Set the listing down unchanged, minus every embedded image.

___

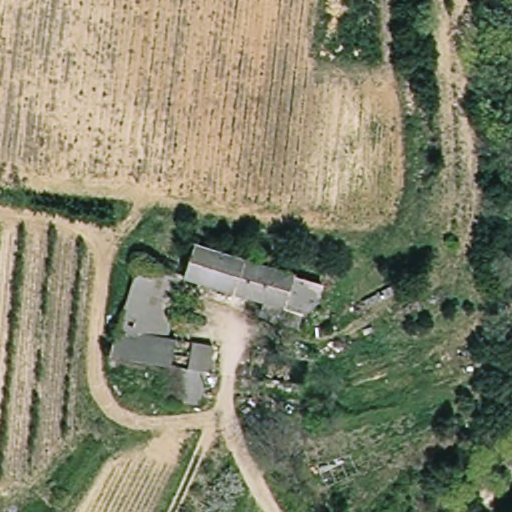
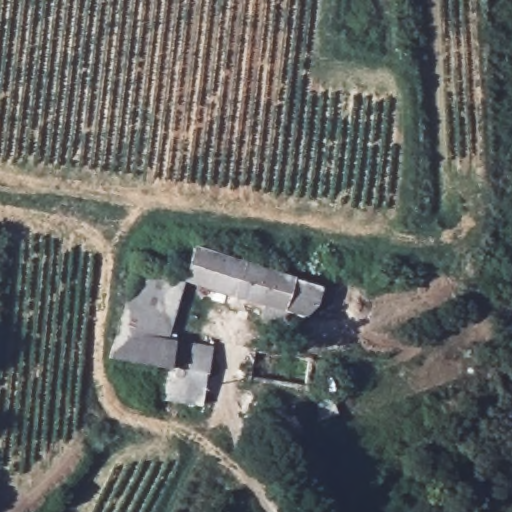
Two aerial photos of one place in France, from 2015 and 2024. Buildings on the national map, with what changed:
unchanged [(267,323),(272,307),(190,280),(203,246),(327,285),(320,307),(305,320),(298,335),(267,323)]
unchanged [(142,262),(189,276),(172,345),(124,335),(142,262)]
unchanged [(172,345),(167,368),(117,357),(124,335),(172,345)]
unchanged [(174,370),(175,363),(190,366),(194,341),(216,344),(207,407),(169,402),(174,370)]

___

WRITTEN RESPONSE:
Two aerial photos of one place in France, from 2015 and 2024. Buildings on the national map, with what changed:
unchanged [(267,323),(272,307),(190,280),(203,246),(327,285),(320,307),(305,320),(298,335),(267,323)]
unchanged [(142,262),(189,276),(172,345),(124,335),(142,262)]
unchanged [(172,345),(167,368),(117,357),(124,335),(172,345)]
unchanged [(174,370),(175,363),(190,366),(194,341),(216,344),(207,407),(169,402),(174,370)]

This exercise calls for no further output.